**Activity**
When a line in the entries contains the word "evenodd", copy that line in full.

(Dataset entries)
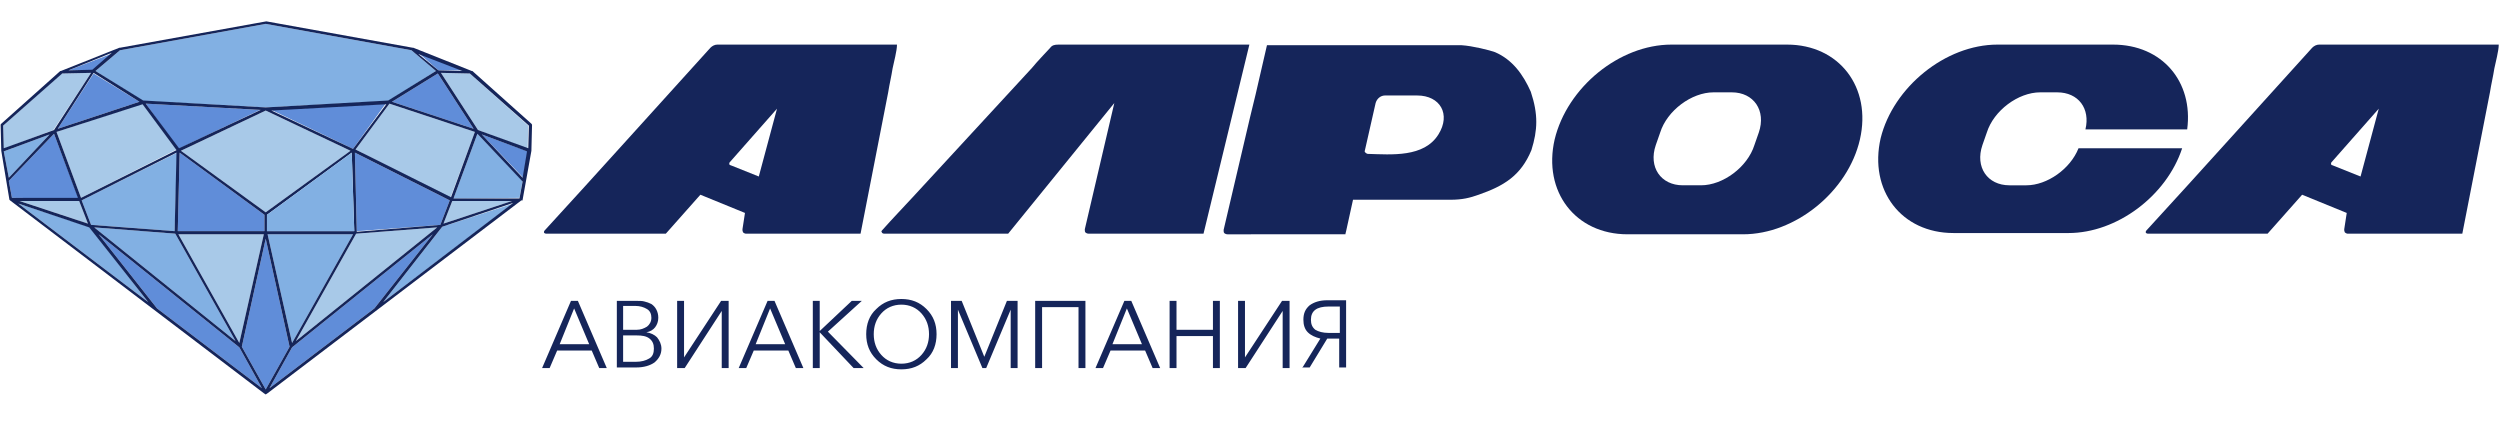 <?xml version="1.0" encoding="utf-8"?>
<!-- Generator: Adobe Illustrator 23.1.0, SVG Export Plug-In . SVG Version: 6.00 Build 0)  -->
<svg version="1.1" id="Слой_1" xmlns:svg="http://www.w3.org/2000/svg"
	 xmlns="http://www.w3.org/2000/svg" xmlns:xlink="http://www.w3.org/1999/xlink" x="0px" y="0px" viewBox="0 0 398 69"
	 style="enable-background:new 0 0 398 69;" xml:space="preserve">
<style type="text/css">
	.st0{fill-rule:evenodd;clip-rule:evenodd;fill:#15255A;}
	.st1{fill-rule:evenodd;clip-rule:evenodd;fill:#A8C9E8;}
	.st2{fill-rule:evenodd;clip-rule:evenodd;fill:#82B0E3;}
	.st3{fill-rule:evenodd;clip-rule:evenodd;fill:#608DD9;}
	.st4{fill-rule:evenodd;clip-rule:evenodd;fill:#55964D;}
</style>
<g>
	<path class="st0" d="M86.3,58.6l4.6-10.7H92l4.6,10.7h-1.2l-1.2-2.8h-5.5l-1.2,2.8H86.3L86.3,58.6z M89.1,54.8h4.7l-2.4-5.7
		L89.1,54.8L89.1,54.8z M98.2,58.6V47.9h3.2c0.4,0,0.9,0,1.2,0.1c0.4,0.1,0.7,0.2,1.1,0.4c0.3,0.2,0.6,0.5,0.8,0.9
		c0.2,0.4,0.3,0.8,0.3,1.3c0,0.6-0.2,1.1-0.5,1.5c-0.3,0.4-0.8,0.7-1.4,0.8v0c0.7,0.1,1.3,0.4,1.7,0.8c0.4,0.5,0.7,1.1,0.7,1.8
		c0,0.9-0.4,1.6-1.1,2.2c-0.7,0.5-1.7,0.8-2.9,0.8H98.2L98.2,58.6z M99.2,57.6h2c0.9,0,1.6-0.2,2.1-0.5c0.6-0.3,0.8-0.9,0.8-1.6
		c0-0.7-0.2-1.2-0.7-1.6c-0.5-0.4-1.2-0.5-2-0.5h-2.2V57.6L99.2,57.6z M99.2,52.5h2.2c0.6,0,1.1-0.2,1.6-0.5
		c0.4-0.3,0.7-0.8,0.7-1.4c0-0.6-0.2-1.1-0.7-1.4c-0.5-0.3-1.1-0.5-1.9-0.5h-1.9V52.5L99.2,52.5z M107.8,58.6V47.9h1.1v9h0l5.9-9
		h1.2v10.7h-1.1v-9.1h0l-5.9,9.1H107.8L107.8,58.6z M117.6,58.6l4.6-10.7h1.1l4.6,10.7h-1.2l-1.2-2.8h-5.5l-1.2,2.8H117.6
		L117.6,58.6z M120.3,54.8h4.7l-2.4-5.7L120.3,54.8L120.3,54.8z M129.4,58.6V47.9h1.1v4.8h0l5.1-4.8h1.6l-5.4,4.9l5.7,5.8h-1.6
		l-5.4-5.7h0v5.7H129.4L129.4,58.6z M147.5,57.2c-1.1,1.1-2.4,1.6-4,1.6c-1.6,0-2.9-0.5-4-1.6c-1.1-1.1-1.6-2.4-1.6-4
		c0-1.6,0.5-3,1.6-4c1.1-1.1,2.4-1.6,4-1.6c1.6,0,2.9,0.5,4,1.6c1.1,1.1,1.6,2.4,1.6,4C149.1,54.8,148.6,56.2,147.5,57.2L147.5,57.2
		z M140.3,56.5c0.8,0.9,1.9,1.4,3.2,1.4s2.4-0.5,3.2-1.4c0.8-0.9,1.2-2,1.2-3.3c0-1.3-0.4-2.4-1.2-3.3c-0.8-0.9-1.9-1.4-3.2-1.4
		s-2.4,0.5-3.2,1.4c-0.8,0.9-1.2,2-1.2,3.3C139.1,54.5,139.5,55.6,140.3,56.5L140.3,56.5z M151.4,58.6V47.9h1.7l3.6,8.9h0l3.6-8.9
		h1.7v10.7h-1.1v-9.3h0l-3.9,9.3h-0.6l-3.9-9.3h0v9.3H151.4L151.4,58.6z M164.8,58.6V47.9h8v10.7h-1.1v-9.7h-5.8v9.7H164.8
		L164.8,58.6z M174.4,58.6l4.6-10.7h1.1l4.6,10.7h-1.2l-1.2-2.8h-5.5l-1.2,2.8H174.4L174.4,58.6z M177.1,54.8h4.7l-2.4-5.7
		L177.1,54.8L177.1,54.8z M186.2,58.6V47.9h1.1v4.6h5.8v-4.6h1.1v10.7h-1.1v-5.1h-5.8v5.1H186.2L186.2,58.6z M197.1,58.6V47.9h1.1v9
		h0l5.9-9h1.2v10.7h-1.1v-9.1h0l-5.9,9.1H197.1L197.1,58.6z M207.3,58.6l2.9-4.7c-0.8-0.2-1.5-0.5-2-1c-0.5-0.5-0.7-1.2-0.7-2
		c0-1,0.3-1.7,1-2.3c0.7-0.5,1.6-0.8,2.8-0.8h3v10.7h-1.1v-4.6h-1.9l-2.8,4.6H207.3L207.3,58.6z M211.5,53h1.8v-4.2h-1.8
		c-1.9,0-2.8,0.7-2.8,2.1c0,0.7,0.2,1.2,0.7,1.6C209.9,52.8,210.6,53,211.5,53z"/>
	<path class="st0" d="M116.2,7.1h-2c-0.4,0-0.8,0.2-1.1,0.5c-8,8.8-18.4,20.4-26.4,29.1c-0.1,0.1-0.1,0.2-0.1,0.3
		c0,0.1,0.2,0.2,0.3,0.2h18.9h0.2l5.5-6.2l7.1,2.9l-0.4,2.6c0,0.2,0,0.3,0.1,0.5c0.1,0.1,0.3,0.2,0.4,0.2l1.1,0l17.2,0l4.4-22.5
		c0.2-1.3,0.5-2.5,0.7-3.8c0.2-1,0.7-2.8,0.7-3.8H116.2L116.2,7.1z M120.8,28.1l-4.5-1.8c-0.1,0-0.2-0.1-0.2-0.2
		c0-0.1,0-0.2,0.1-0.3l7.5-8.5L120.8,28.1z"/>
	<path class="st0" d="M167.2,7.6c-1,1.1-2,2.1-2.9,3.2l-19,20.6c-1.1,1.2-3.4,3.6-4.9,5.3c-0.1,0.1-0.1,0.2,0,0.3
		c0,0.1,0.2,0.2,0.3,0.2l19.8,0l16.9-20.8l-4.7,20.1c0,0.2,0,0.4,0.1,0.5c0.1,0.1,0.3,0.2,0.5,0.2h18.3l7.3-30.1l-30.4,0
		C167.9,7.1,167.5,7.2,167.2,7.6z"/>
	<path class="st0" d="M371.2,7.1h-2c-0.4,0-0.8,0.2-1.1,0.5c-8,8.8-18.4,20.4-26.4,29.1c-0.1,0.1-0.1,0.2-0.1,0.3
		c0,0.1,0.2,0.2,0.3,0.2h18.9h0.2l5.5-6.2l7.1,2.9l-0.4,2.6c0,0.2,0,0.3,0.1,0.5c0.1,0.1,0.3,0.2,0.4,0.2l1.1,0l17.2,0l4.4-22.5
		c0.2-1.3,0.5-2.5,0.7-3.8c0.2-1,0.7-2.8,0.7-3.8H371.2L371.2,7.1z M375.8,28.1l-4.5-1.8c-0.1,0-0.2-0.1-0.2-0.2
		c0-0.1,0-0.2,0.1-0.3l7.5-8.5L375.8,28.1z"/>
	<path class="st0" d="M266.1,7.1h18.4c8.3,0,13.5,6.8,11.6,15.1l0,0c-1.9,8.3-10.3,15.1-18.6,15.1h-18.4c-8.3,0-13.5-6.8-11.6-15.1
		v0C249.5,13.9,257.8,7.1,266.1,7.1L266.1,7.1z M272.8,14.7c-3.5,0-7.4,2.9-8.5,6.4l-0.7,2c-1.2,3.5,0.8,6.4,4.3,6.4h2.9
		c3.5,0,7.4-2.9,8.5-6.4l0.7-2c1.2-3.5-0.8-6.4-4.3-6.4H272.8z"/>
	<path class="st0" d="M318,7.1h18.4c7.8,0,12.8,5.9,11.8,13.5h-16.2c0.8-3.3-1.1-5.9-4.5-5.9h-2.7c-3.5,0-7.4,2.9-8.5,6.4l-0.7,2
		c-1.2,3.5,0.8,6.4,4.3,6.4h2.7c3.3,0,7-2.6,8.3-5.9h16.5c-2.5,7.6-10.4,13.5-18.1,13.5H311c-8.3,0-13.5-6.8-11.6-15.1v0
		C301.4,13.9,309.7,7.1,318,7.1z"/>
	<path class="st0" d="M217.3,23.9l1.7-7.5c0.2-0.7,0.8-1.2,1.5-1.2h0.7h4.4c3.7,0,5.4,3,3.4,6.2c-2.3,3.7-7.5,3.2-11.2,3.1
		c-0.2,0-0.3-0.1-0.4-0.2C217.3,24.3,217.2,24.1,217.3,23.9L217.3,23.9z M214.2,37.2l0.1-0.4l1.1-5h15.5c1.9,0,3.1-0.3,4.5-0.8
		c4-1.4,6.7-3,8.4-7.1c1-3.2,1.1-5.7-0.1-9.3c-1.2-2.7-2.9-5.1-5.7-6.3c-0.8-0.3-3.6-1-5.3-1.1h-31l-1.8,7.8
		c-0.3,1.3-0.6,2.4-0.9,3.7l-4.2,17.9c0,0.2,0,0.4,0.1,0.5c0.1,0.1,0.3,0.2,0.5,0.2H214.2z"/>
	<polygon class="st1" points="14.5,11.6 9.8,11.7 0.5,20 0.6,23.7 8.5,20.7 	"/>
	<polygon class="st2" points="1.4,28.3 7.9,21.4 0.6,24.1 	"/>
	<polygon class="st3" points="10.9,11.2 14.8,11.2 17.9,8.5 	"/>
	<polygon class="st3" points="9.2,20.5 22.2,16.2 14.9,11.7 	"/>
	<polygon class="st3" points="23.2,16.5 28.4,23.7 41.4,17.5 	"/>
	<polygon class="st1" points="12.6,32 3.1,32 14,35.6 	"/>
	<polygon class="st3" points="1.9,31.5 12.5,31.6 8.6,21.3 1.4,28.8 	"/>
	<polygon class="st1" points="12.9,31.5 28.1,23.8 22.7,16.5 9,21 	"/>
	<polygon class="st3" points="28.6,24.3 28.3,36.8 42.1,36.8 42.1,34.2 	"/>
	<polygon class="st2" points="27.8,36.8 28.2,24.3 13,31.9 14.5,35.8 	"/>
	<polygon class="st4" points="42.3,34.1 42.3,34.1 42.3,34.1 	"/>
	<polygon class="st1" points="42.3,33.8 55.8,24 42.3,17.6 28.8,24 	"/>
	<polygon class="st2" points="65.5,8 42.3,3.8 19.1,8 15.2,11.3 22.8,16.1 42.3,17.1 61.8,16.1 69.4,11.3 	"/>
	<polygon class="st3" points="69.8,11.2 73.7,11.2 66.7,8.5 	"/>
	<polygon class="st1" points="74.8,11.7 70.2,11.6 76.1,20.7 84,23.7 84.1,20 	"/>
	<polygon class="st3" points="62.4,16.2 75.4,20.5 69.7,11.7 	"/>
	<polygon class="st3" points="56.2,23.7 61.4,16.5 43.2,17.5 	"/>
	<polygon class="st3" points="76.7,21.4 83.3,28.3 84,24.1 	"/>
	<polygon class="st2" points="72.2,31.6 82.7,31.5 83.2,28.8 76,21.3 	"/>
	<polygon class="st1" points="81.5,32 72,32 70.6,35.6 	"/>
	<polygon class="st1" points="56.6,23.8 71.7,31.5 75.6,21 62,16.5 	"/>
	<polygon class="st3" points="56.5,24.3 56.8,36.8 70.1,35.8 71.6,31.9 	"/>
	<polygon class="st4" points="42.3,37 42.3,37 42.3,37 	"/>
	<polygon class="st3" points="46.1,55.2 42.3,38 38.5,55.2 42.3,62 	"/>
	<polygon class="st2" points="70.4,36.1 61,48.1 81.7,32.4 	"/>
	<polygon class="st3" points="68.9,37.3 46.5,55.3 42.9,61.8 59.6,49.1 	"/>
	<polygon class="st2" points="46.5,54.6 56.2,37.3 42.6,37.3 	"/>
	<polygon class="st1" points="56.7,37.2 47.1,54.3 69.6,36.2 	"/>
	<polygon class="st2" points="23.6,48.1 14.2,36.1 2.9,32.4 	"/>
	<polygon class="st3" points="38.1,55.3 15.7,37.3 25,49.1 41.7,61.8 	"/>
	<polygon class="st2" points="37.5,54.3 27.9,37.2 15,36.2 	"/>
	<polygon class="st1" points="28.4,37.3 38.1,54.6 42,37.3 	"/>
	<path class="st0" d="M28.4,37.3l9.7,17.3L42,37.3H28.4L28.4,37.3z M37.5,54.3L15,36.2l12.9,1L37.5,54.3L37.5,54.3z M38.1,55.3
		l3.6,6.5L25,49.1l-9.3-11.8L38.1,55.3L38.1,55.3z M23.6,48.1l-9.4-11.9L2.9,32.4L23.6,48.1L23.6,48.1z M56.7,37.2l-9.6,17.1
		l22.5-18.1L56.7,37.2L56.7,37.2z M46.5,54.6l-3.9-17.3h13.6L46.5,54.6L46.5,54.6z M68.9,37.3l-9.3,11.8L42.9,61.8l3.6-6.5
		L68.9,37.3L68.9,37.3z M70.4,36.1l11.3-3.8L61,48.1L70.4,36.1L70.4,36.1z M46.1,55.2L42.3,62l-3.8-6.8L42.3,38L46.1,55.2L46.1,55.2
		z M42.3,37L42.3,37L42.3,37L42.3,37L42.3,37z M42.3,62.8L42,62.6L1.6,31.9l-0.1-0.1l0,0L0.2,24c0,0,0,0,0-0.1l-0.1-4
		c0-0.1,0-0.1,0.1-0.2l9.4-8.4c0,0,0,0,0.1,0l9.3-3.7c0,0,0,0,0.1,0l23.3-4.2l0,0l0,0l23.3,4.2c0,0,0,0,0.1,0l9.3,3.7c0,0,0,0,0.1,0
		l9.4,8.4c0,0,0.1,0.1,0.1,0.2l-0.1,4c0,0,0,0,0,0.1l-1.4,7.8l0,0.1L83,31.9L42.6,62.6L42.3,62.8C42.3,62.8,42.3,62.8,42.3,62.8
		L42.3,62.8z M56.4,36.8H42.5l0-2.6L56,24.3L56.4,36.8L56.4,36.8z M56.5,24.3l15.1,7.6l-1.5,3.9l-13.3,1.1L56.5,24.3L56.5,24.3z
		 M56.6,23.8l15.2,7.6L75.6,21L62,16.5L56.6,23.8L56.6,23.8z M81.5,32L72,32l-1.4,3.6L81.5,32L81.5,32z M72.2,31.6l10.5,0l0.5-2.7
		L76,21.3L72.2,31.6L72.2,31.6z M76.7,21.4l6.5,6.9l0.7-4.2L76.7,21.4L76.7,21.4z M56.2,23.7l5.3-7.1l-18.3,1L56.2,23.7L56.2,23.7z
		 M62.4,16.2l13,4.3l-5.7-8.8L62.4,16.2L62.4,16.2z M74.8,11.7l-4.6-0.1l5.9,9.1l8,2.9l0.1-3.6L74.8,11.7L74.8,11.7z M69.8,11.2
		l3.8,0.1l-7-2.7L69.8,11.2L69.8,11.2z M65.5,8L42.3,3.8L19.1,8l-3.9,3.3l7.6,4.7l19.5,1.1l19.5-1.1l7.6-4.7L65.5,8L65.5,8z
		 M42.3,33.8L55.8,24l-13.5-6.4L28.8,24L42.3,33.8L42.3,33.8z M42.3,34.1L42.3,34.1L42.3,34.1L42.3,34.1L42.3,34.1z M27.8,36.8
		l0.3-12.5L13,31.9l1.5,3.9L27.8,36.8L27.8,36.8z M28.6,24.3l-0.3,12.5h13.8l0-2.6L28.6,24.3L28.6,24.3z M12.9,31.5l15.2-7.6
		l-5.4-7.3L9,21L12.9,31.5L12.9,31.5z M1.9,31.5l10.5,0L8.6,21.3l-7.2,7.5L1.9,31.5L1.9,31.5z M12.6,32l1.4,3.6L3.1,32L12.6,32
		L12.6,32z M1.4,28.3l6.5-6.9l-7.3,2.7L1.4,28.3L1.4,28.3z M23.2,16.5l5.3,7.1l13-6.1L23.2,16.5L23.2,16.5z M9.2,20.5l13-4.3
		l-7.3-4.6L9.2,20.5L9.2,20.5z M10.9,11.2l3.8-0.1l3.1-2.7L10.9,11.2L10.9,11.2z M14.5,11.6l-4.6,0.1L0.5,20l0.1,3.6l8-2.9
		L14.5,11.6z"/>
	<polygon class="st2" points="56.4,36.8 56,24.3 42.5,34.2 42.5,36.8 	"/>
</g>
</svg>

**Reply to the exercise**
	.st0{fill-rule:evenodd;clip-rule:evenodd;fill:#15255A;}
	.st1{fill-rule:evenodd;clip-rule:evenodd;fill:#A8C9E8;}
	.st2{fill-rule:evenodd;clip-rule:evenodd;fill:#82B0E3;}
	.st3{fill-rule:evenodd;clip-rule:evenodd;fill:#608DD9;}
	.st4{fill-rule:evenodd;clip-rule:evenodd;fill:#55964D;}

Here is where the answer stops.